WHAT TO DO = Reproduce each record verbatim, images excluded.

INPUT DATA =
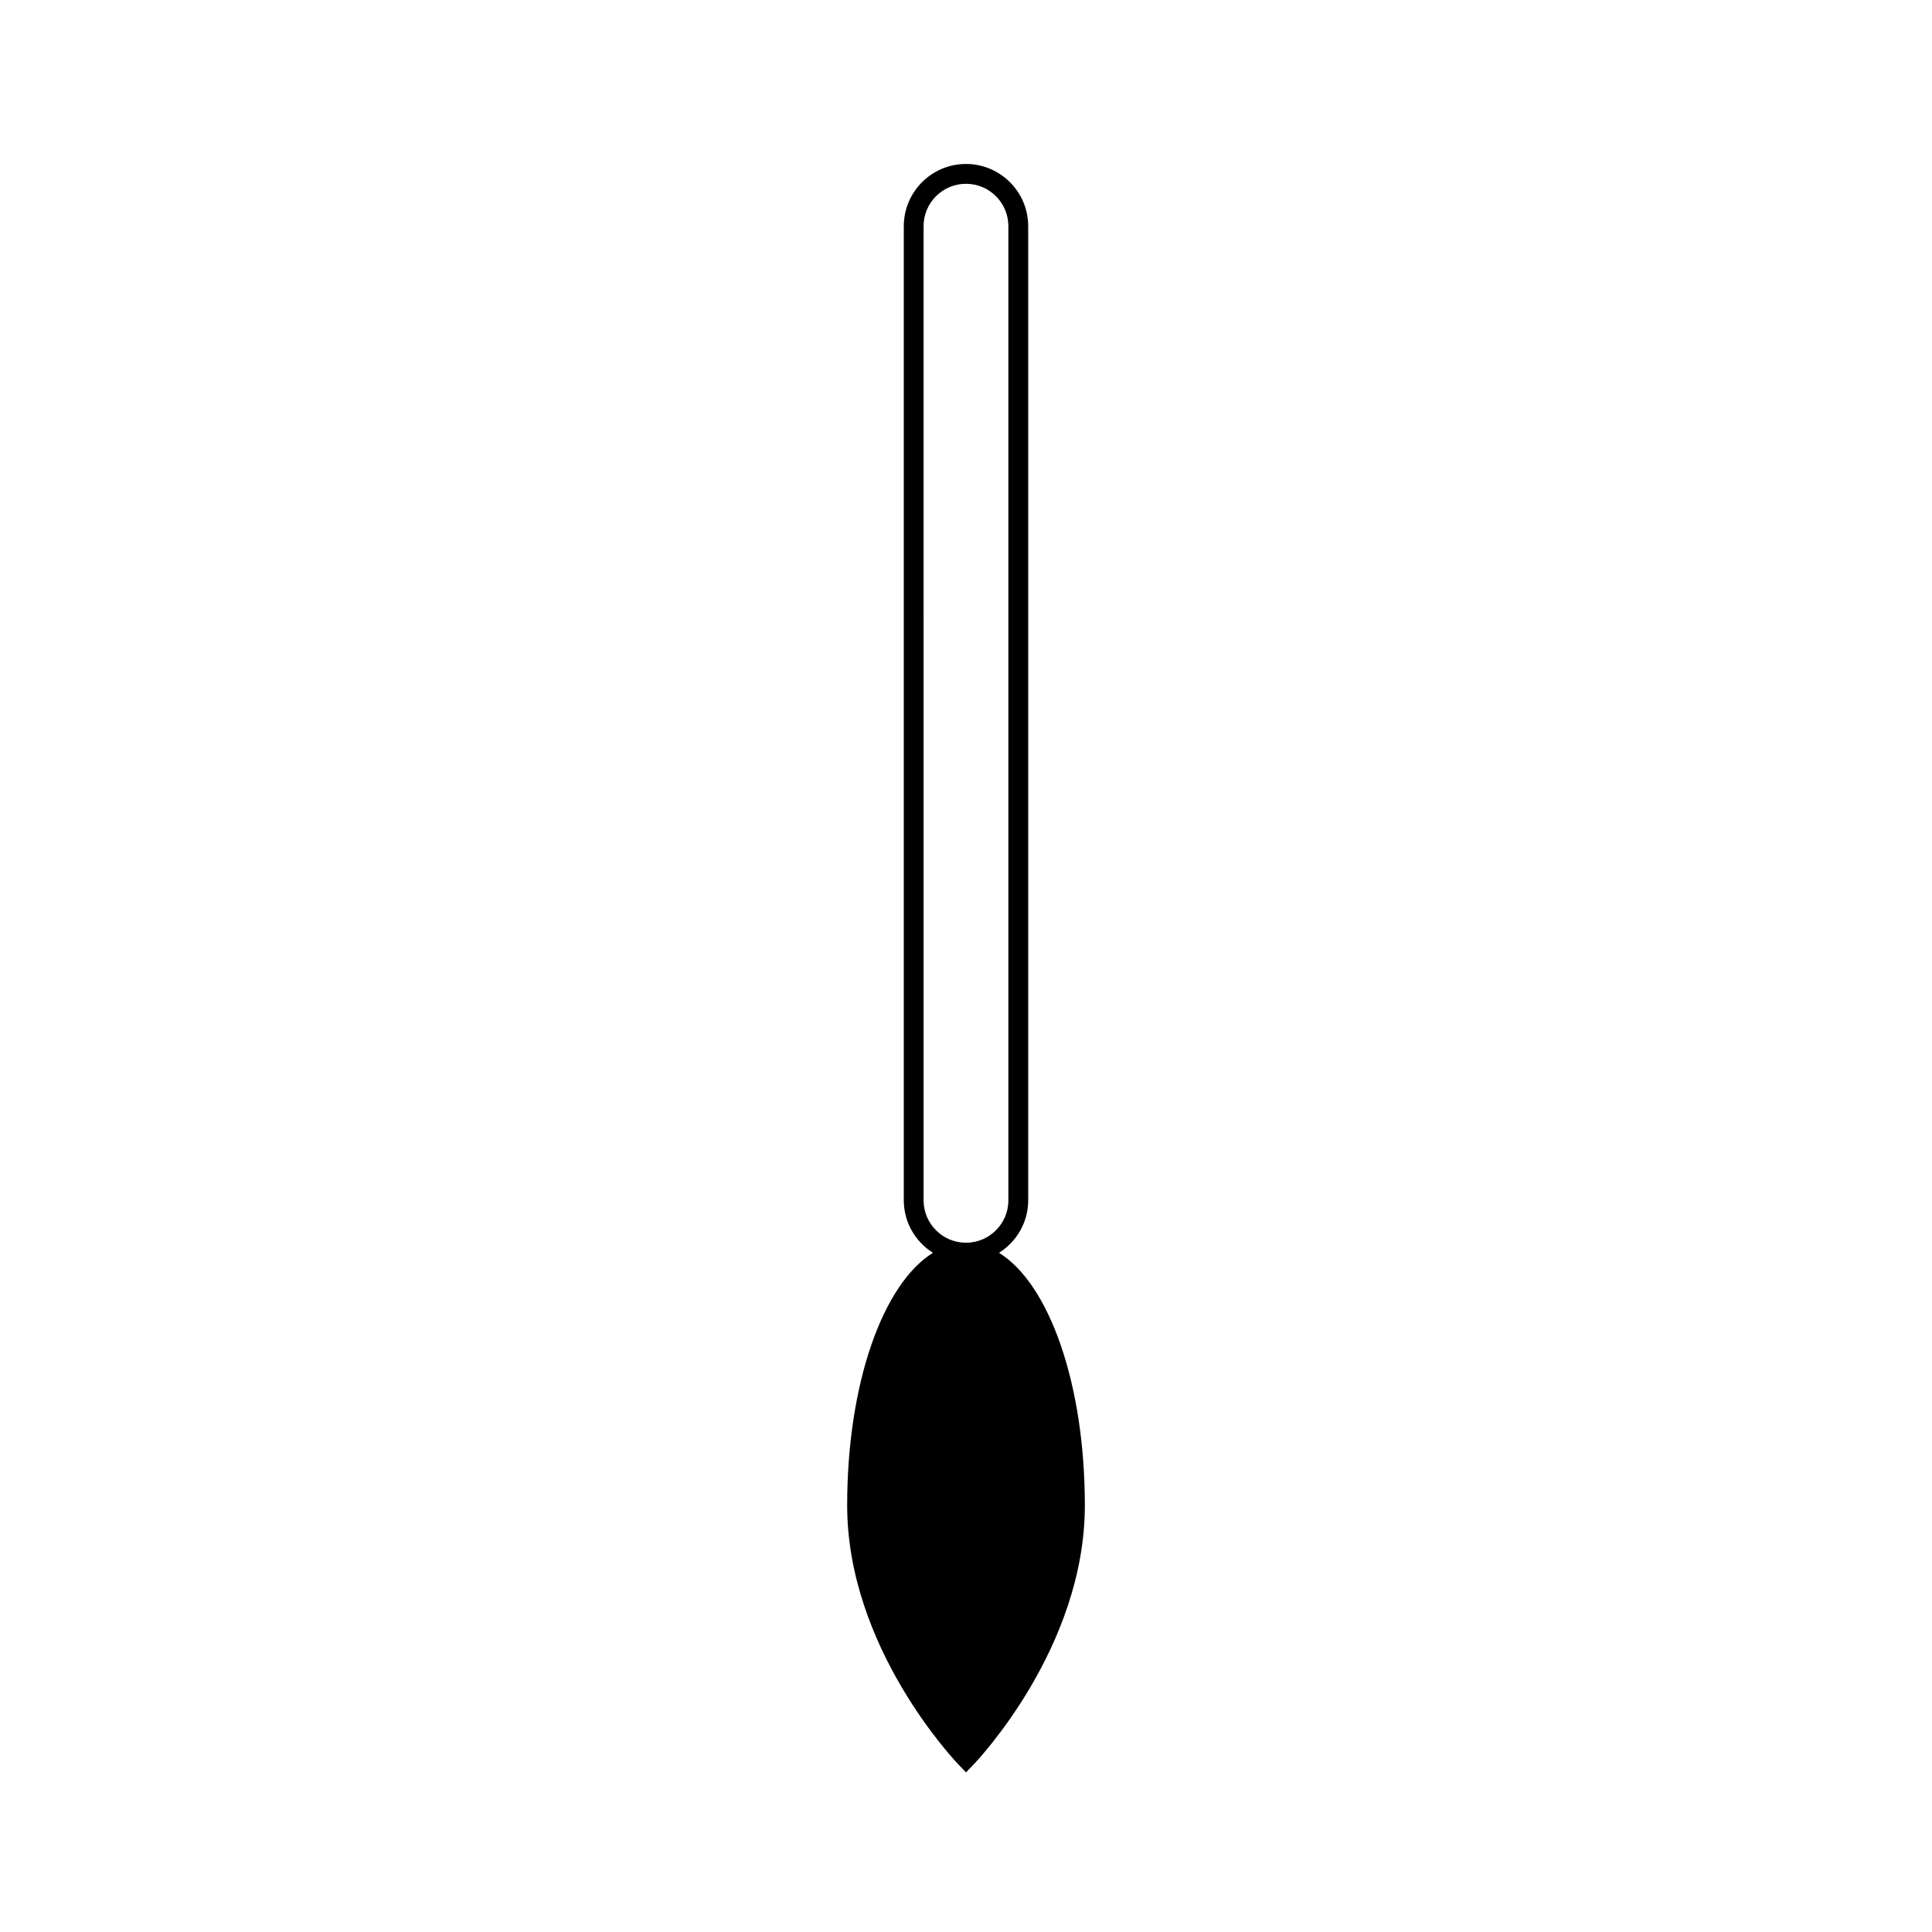 <?xml version="1.0" encoding="UTF-8"?>
<!-- Uploaded to: SVG Repo, www.svgrepo.com, Generator: SVG Repo Mixer Tools -->
<svg fill="#000000" width="800px" height="800px" version="1.1" viewBox="144 144 512 512" xmlns="http://www.w3.org/2000/svg">
 <path d="m408.75 476.01c4.629-2.922 7.731-8.047 7.731-13.914v-258.16c0-9.09-7.402-16.484-16.484-16.484-9.09 0-16.484 7.394-16.484 16.484v258.16c0 5.867 3.102 10.996 7.731 13.914-13.266 8.203-22.738 34.641-22.738 66.922 0 37.617 28.402 67.547 29.609 68.801l1.891 1.961 1.891-1.961c1.207-1.254 29.598-31.184 29.598-68.801-0.004-32.277-9.48-58.719-22.742-66.922zm-8.703-2.676c-0.016 0-0.031-0.004-0.047-0.004s-0.031 0.004-0.051 0.004c-6.176-0.027-11.188-5.055-11.188-11.234l-0.004-258.16c0-6.199 5.039-11.234 11.238-11.234s11.234 5.039 11.234 11.234v258.16c0 6.184-5.012 11.207-11.184 11.238z"/>
</svg>

SOLUTION =
 <?xml version="1.0" encoding="UTF-8"?>
<!-- Uploaded to: SVG Repo, www.svgrepo.com, Generator: SVG Repo Mixer Tools -->
<svg fill="#000000" width="800px" height="800px" version="1.1" viewBox="144 144 512 512" xmlns="http://www.w3.org/2000/svg">
 <path d="m408.75 476.01c4.629-2.922 7.731-8.047 7.731-13.914v-258.16c0-9.09-7.402-16.484-16.484-16.484-9.09 0-16.484 7.394-16.484 16.484v258.16c0 5.867 3.102 10.996 7.731 13.914-13.266 8.203-22.738 34.641-22.738 66.922 0 37.617 28.402 67.547 29.609 68.801l1.891 1.961 1.891-1.961c1.207-1.254 29.598-31.184 29.598-68.801-0.004-32.277-9.48-58.719-22.742-66.922zm-8.703-2.676c-0.016 0-0.031-0.004-0.047-0.004s-0.031 0.004-0.051 0.004c-6.176-0.027-11.188-5.055-11.188-11.234l-0.004-258.16c0-6.199 5.039-11.234 11.238-11.234s11.234 5.039 11.234 11.234v258.16c0 6.184-5.012 11.207-11.184 11.238z"/>
</svg>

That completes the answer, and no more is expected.